== YOUR TASK ==
Among the records, which lines include "sans"? List them.

━━ THE DATA

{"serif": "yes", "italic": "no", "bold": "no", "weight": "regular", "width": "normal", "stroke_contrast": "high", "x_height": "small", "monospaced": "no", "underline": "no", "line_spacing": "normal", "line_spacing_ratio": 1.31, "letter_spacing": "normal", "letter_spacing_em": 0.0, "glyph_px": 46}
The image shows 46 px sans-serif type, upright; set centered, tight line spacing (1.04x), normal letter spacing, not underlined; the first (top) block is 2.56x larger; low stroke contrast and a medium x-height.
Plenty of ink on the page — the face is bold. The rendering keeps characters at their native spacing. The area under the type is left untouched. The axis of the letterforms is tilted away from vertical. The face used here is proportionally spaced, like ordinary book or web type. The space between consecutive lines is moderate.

━━━━
━━ THE DATA

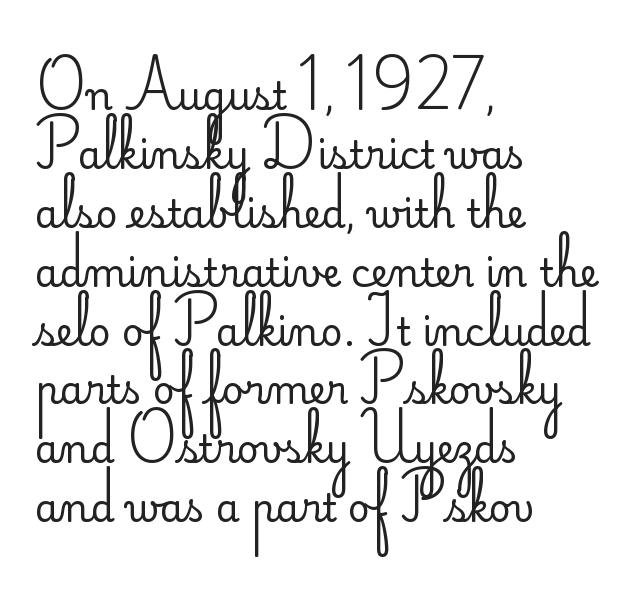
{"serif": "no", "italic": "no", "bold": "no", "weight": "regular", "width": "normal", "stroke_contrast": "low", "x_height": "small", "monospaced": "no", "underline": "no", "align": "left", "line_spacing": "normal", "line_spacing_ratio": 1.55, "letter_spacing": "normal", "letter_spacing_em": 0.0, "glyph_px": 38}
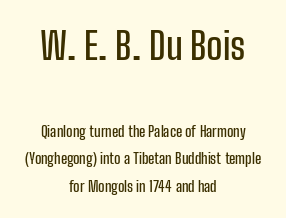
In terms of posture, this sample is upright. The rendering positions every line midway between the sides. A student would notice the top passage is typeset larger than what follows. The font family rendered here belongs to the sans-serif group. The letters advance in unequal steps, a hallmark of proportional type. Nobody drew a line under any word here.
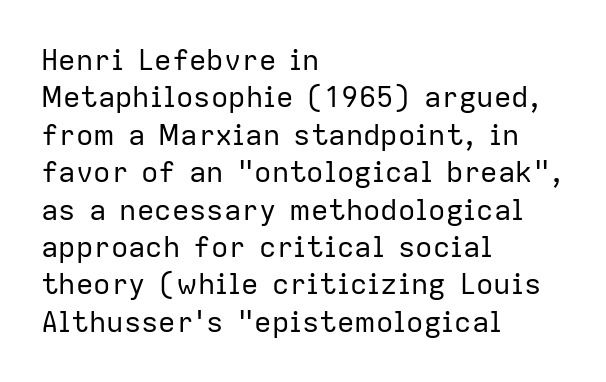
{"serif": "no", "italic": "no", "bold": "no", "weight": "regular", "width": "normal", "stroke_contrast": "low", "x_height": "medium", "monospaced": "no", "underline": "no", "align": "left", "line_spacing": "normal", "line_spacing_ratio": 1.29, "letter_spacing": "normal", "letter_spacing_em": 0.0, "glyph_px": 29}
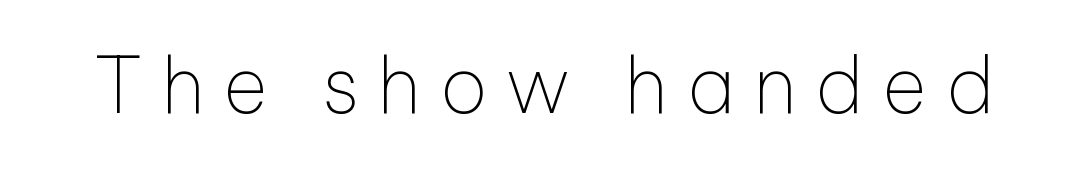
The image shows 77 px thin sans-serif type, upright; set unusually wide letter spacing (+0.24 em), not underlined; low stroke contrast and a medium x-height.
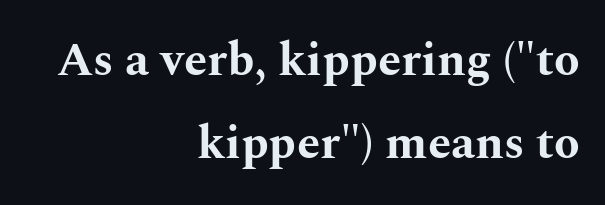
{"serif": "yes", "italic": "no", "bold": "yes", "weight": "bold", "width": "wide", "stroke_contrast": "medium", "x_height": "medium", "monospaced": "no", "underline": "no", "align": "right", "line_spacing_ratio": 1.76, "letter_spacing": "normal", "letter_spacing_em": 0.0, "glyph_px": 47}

━━━━

== FINISHED TASK ==
The image shows 46 px sans-serif type, upright; set centered, tight line spacing (1.04x), normal letter spacing, not underlined; the first (top) block is 2.56x larger; low stroke contrast and a medium x-height.
In terms of posture, this sample is upright. The rendering positions every line midway between the sides. A student would notice the top passage is typeset larger than what follows. The font family rendered here belongs to the sans-serif group. The letters advance in unequal steps, a hallmark of proportional type. Nobody drew a line under any word here.
The image shows 77 px thin sans-serif type, upright; set unusually wide letter spacing (+0.24 em), not underlined; low stroke contrast and a medium x-height.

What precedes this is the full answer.